* ACTIVITY: A faithful copy of the data is what is wanted, minus any pictures.
-- DATA EXTRACTS follows --
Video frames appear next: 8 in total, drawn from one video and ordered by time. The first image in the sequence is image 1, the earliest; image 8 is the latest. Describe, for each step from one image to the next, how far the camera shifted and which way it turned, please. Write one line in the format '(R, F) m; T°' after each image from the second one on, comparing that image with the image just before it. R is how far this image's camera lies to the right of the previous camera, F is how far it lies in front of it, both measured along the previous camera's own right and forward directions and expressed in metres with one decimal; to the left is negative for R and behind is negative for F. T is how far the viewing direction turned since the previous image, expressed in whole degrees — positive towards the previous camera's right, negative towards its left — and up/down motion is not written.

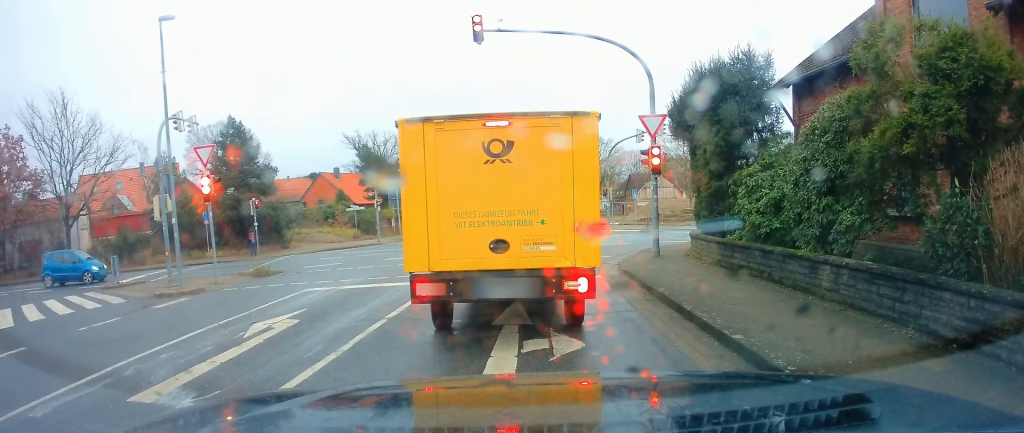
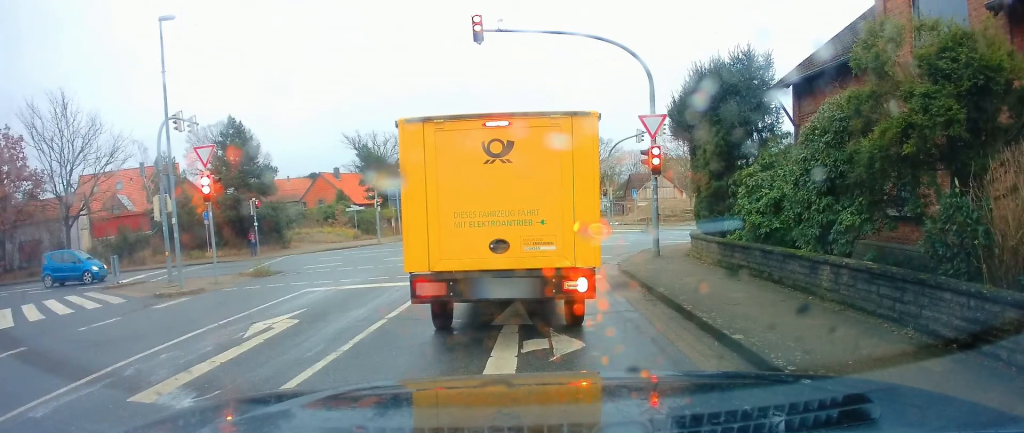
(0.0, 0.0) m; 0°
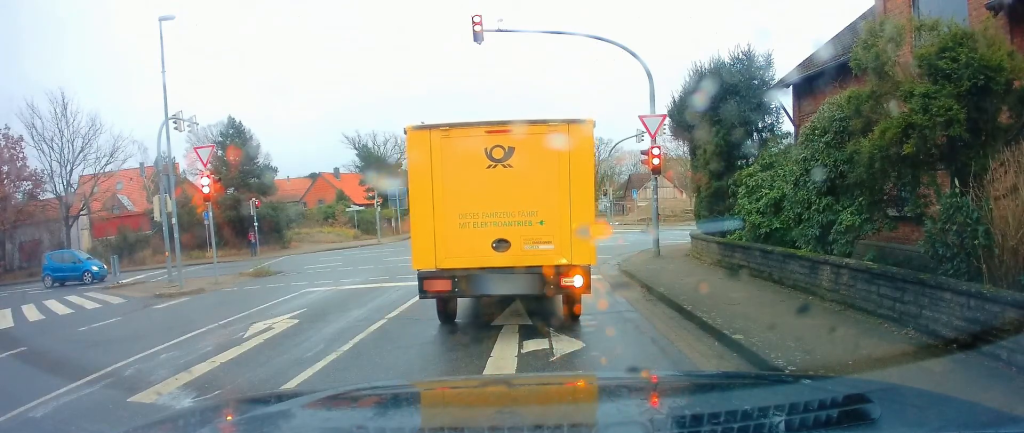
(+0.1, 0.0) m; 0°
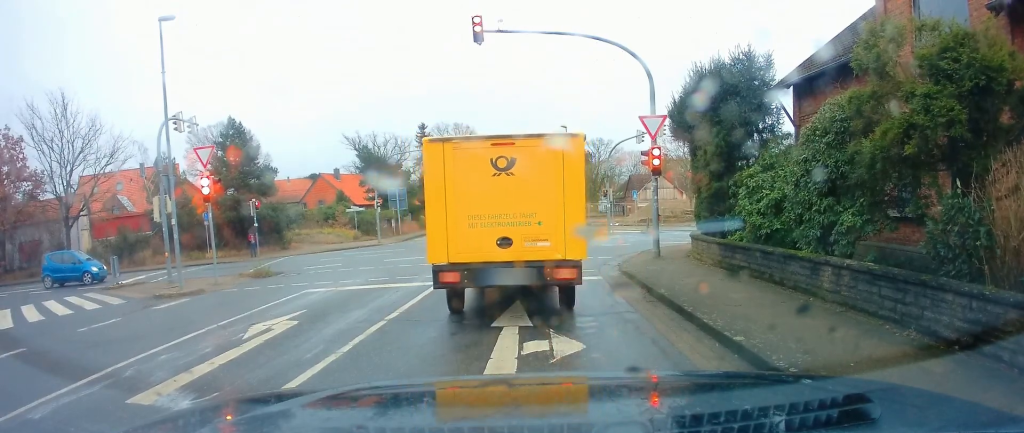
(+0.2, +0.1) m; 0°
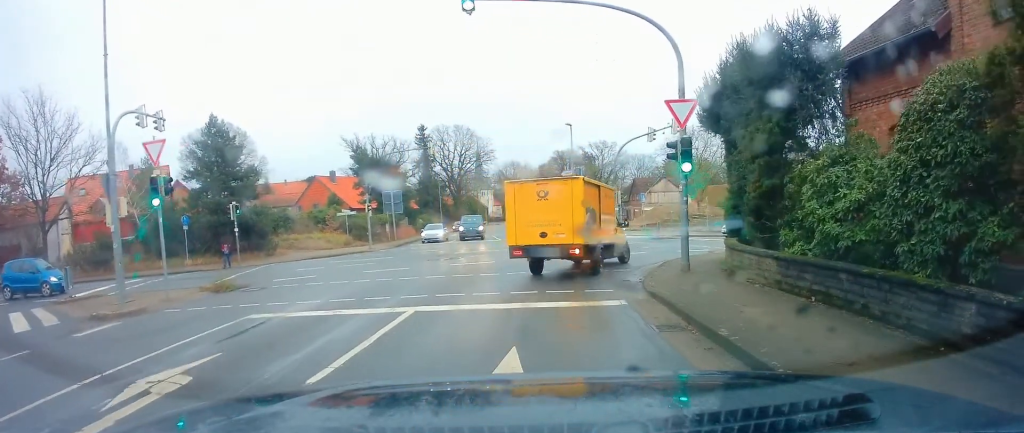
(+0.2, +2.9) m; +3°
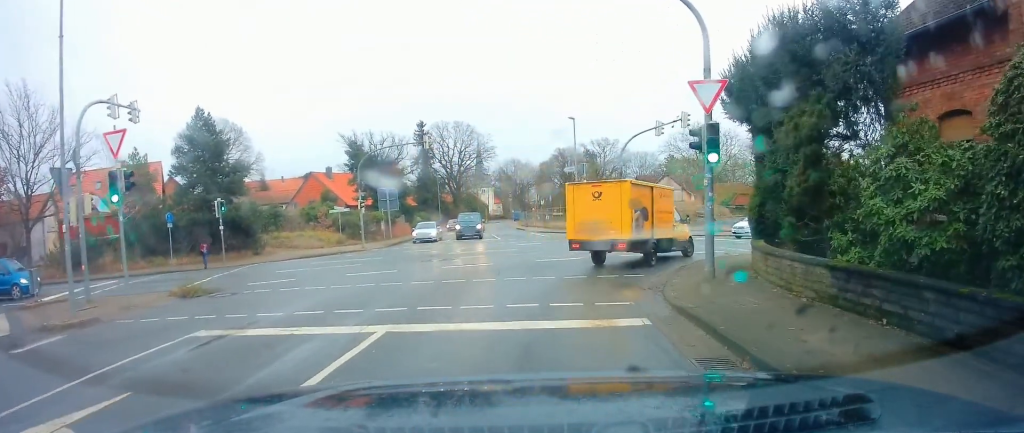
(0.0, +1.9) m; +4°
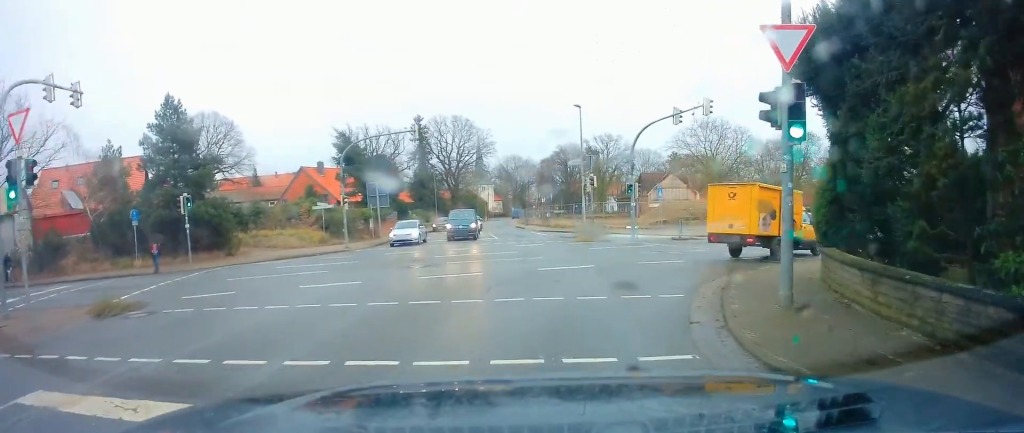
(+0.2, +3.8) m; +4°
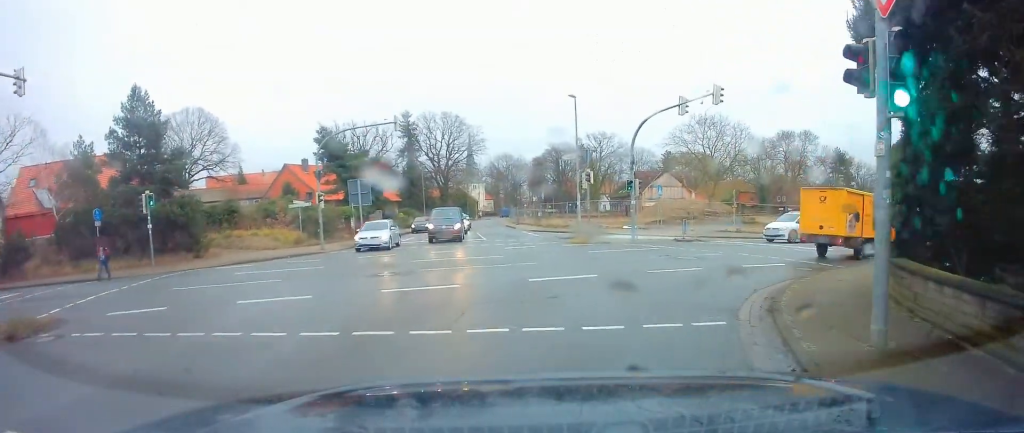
-- DATA EXTRACTS concluded --
* ANSWER TO THE EXERCISE:
Video frames appear next: 8 in total, drawn from one video and ordered by time. The first image in the sequence is image 1, the earliest; image 8 is the latest. Describe, for each step from one image to the next, how far the camera shifted and which way it turned, please. Write one line in the format '(R, F) m; T°' after each image from the second one on, comparing that image with the image just before it. R is how far this image's camera lies to the right of the previous camera, F is how far it lies in front of it, both measured along the previous camera's own right and forward directions and expressed in metres with one decimal; to the left is negative for R and behind is negative for F. T is how far the viewing direction turned since the previous image, expressed in whole degrees — positive towards the previous camera's right, negative towards its left — and up/down motion is not written.

(0.0, 0.0) m; 0°
(+0.1, 0.0) m; 0°
(+0.2, +0.1) m; 0°
(+0.2, +2.9) m; +3°
(0.0, +1.9) m; +4°
(+0.2, +3.8) m; +4°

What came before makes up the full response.